ブラジルの先生達は、さっぱり理解しない生徒に何度でも親切に教えている。見習おうと思っているが、受付で生徒を相手にしていると実にいろいろなことを言ってくる。
当日の受付締めきり後、14歳(受付は15歳以上)の子が来て、妊娠してつわりが酷いので今日学校を退学して来た。 これからは自宅に居るので、このシステムで卒業したいとしつこく入学させろと迫られた。また他の女性が、結婚証明書(入学手続きは全て正式書類で扱う)の名前で学生証を作ったら、この部分の名前を外してくれと言う。離婚が成立していないが、あの男は別な女と生活している。この名前は汚らわしいので外してくれと言う。またヨボヨボの年配女性が入学手続きをしたいと現れた。オバアチャンの回りくどい話を良く良く聞いたら本人ではなく42歳の息子が怠け者なので勉強させたいと言う。母親はどこでも強い。第一の人生で得たノウハウの範囲ではこれらの問題の上手い解決方法が出てこない。
また今日は赤ん坊の面倒をみてくれる人が居なかったと赤ん坊を抱えて試験する女性がいるかと思うと、雨が降ったからと休む男性が居る。ここでは一般に女性の方が勉強をする。女性は実に生活力が旺盛で強い。だから離婚が多くなるのかもしれない。

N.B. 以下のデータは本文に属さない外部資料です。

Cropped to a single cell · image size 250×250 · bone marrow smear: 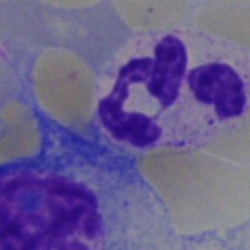

The cell type is neutrophil (segmented).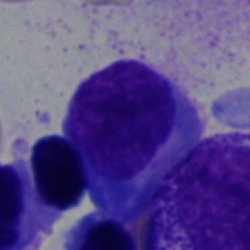
Morphology — plasma cell.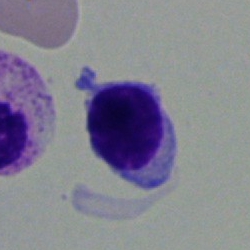Q: What is the morphological classification of this cell?
A: This is a lymphocyte.
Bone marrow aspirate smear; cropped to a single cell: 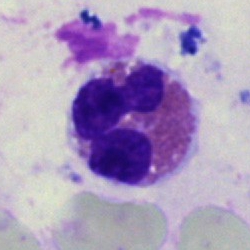 Cell type = eosinophil.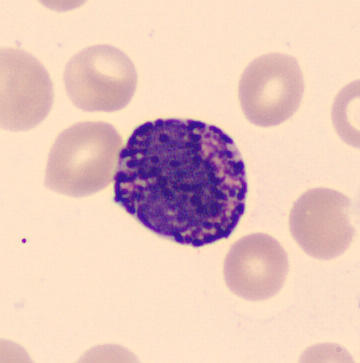

Specimen: peripheral blood film.
Morphological class: basophil.
Lineage: myeloid.
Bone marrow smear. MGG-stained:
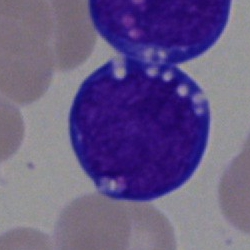
Morphology consistent with a blast cell.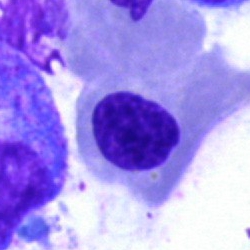The cell is erythroblast.
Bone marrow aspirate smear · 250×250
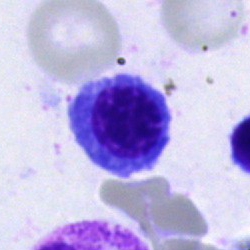
Q: Identify the cell.
A: Nucleated red cell.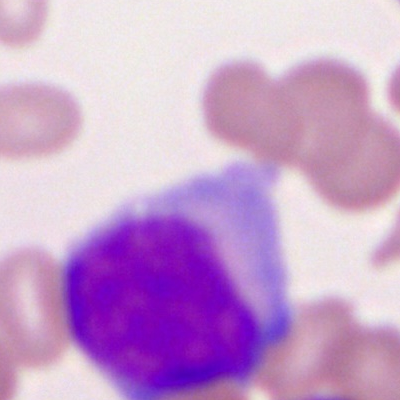

The cell is myeloid blast.
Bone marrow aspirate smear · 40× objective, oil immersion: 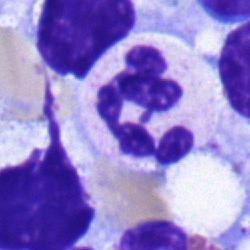This is a polymorphonuclear neutrophil.
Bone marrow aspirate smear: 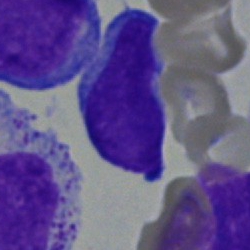Morphology consistent with a blast cell.
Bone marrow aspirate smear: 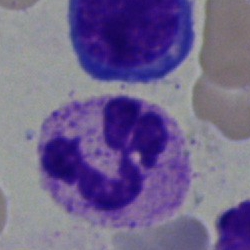 Morphology — neutrophil (segmented).
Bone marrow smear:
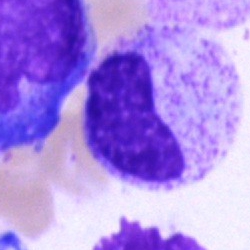Impression — metamyelocyte.
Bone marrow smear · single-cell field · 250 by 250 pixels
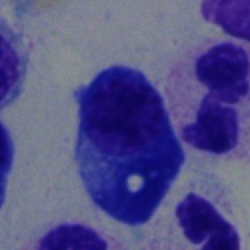

Impression — plasma cell.
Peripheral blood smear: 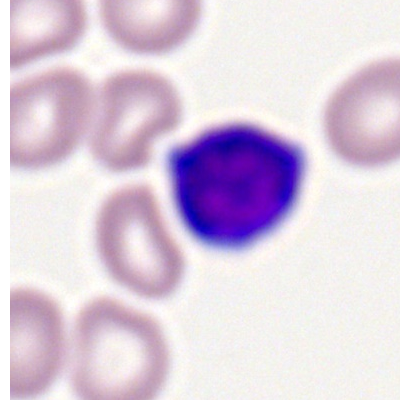
{"cell_type": "typical lymphocyte"}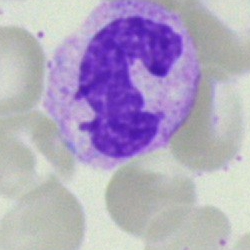

{"cell_type": "neutrophil (segmented)"}
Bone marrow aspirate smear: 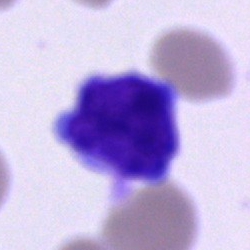

Impression → artifact.

公立の中学校、高等学校の教室の荒廃は酷いものだと嘆く人が居るが、ここでは幸い何も問題が起きていない。生徒は秩序を守って教室内は静かなものだ。先に述べた良く勉強をしている35%の生徒のみに注目してみると、州教育局の定める教育レベルのテストでなかなか難しい内容だし、学習環境が充分でないところでどんどんテストを受け良く進んでいるとすごいパワーに感心させられている。始まって実質二ヶ月だが既に科目別修了者が三人出た。あと少しと言うのが何人も居る。立派なものだ。